Ilmuwan: Patah Hati Berisiko Kematian
- Pixabay
VIVA.co.id - Para ilmuwan dari Australia menyatakan, patah hati bisa berisiko pada kematian. Ilmuwan mengatakan kondisi saat seorang patah hati menunjukkan gejala yang hampir sama dengan serangan jantung.
Seperti dilansir International Business Times, Rabu 30 Desember 2015, ilmuwan mengatakan, berdasarkan hasil riset mereka, Takotsubo cardiomyopathy (TTC) atau dikenal dengan sidrom patah hati mempengaruhi kemampuan jantung untuk memompa darah dan berpotensi menyebabkan kematian.
Pada 20 tahun yang lalu, TTC pertama kali dikenali oleh peneliti dari Jepang. TTC dikaitkan dengan stres psikologis. Kemudian TTC dan serangan jantung dianggap memiliki gejala yang sama, hanya saja penyebabnya berbeda.
Orang yang mengalami serangan jantung cenderung kepada penyumbatan pada salah satu arteri koroner, sementara mekanisme pasti pada TTC ini tidak sepenuhnya jelas.
“TTC dikaitkan dengan pola kontraksi abnormal dari ventrikel kiri, ruang pompa utama jantung, tetapi tidak disebabkan oleh arteri koroner yang tersumbat," kata salah satu peneliti, Angela Kucia.
"Kondisi ini sedang banyak diteliti secara internasional, tetapi secara umum diterima oleh masyarakat ilmiah yang menekankan hormon, seperti adrenalin, sebagian penyebabnya,” tambah dosen keperawatan senior University of South Australia itu.
Kucia mencontohkan, beberapa stress psikologis umum yang kemungkinan bisa menyebabkan patah hati seperti peristiwa kematian pasangan atau anggota penting keluarga, argumen keluarga, masalah di tempat kerja, penyakit jiwa dan kegiatan sosial atau lingkungan traumatis seperti perang, gempa bumi dan banjir.
Selain itu, TTC juga bisa dikarenakan stres fisik seperti penyakit medis akut atau trauma, stroke, epilepsi, tekanan panas, kanker dan melahirkan.
“TTC dapat menyebabkan kematian, tapi ini relatif jarang dan sering dikaitkan dengan penyakit medis yang bersamaan. TTC bisa diperlakukan sama seperti serangan jantung, dan membutuhkan obat untuk kembali pulih,” tutur Kucia.

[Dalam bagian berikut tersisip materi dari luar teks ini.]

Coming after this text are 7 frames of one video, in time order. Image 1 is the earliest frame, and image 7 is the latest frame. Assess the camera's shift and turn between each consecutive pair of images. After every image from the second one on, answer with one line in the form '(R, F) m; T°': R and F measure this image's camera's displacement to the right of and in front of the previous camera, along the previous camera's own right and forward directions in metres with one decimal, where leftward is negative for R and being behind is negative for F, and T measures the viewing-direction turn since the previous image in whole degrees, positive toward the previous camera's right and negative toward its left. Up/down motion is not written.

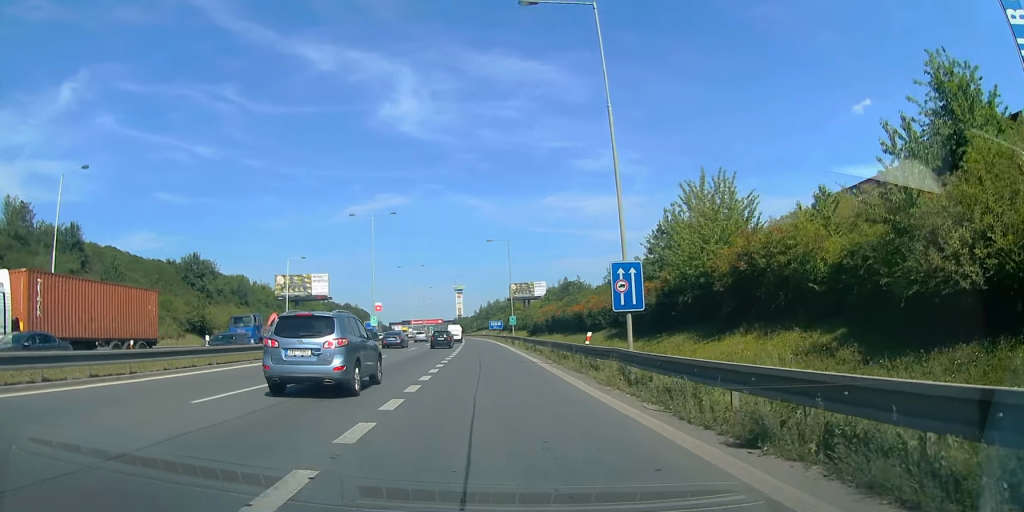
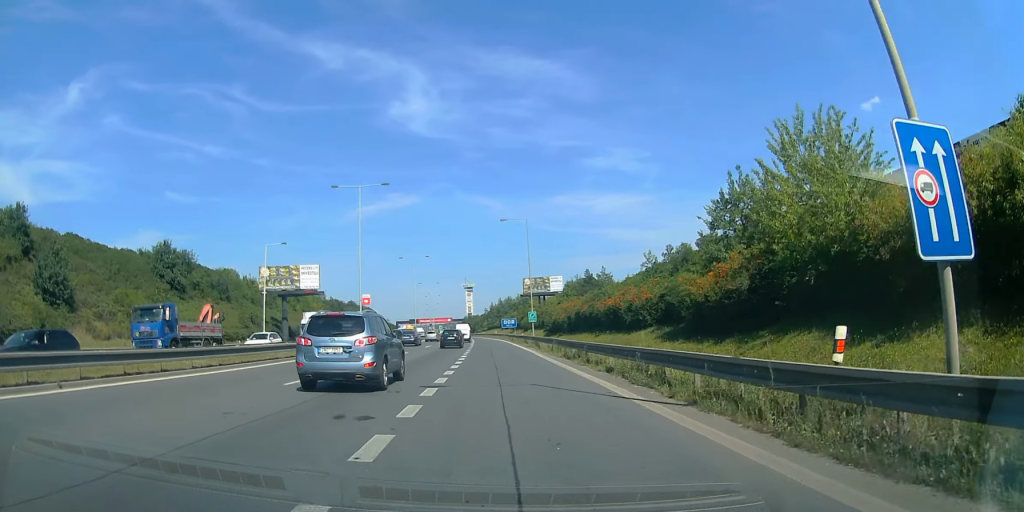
(0.0, +13.3) m; -1°
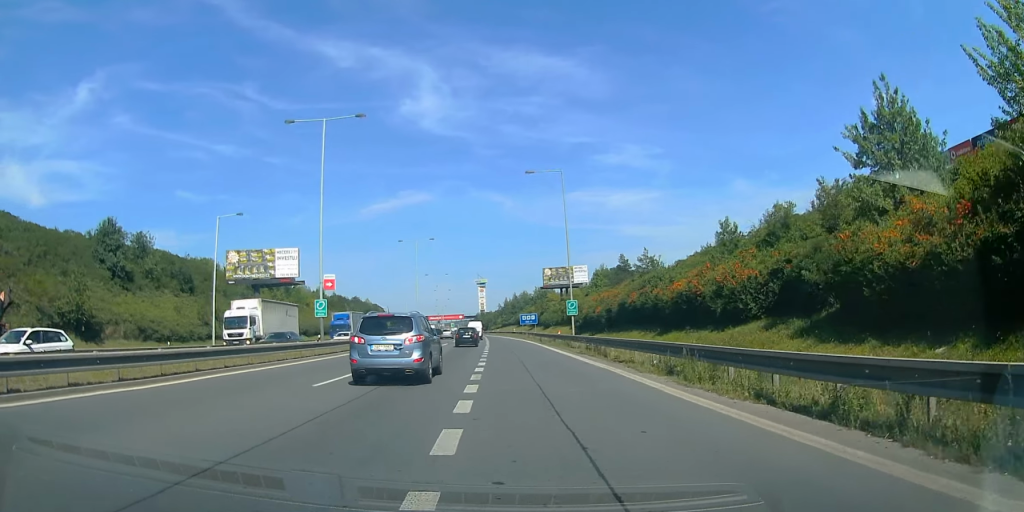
(-0.2, +17.8) m; 0°
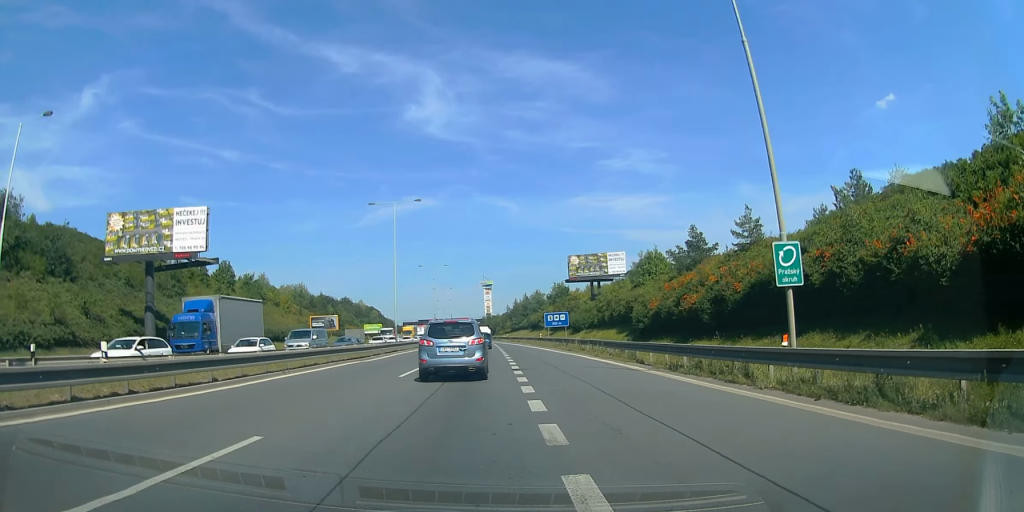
(+0.2, +29.3) m; 0°
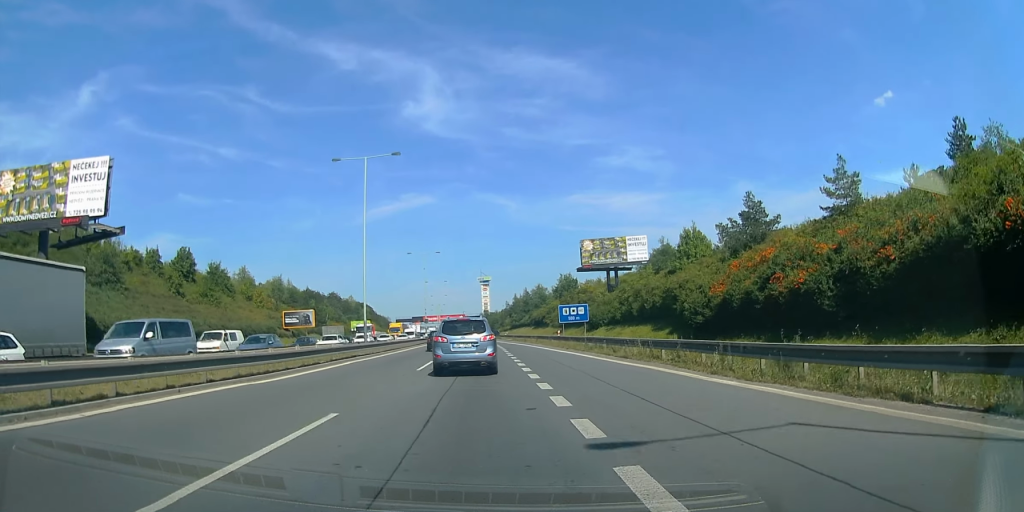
(-0.3, +14.7) m; 0°
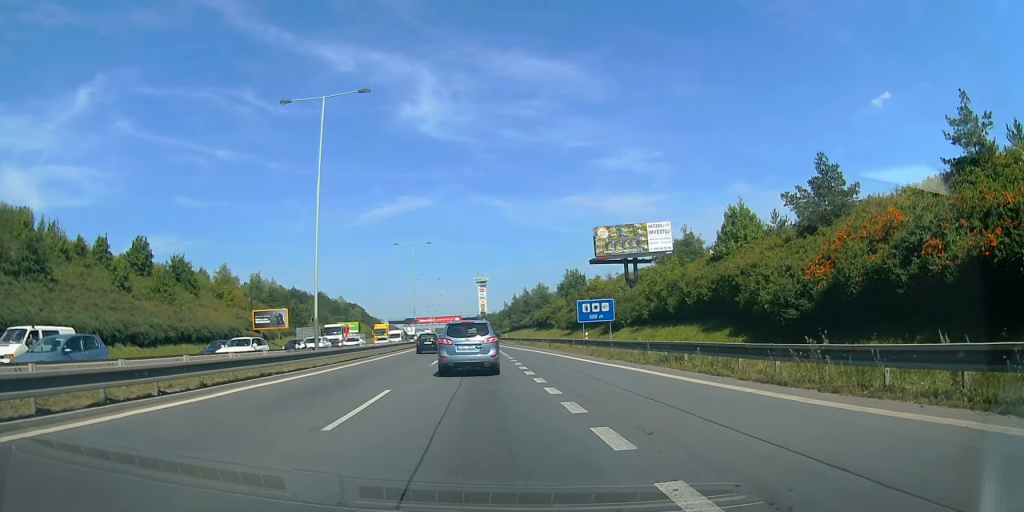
(+0.2, +12.5) m; +1°
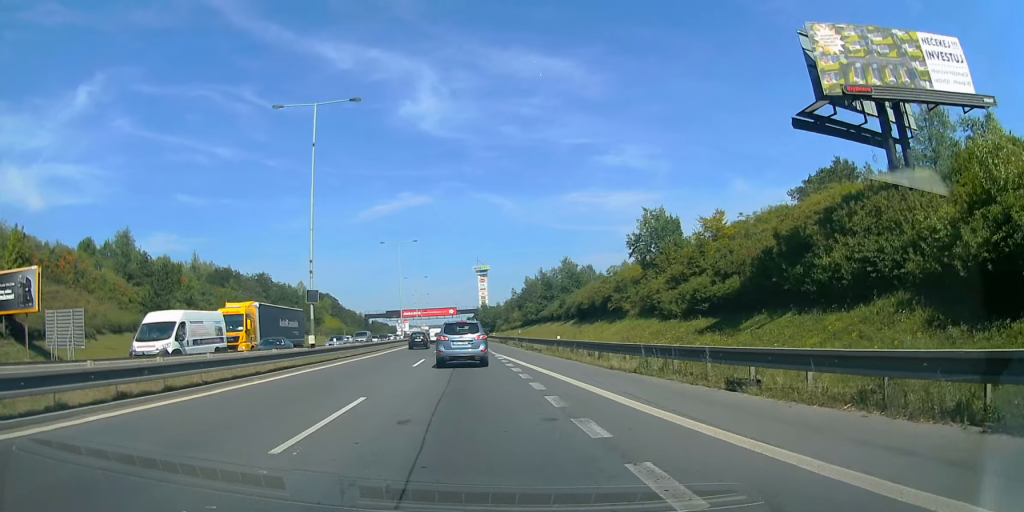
(-0.3, +53.4) m; -2°

Obat yang bisa membantu mengobati sindrom patah hati, yaitu enzim (ACE) inhibitor angiotensin-converting, yang dapat merelaksasi pembuluh darah dan obat itu bisa mengontrol irama jantung dan menurunkan tekanan darah tinggi. Namun, tidak jelas obat manakah yang dapat memberikan efek yang lebih positif dan lama waktu obat tersebut bisa dikonsumsi.
Menurut sebuah penelitian yang diterbitkan dalam Journal Circulation, wanita menopause lebih mungkin untuk mengalami TTC. Karena wanita masuk dalam 90 persen dari kasus yang dilaporkan di usia antara 65 dan 70 tahun.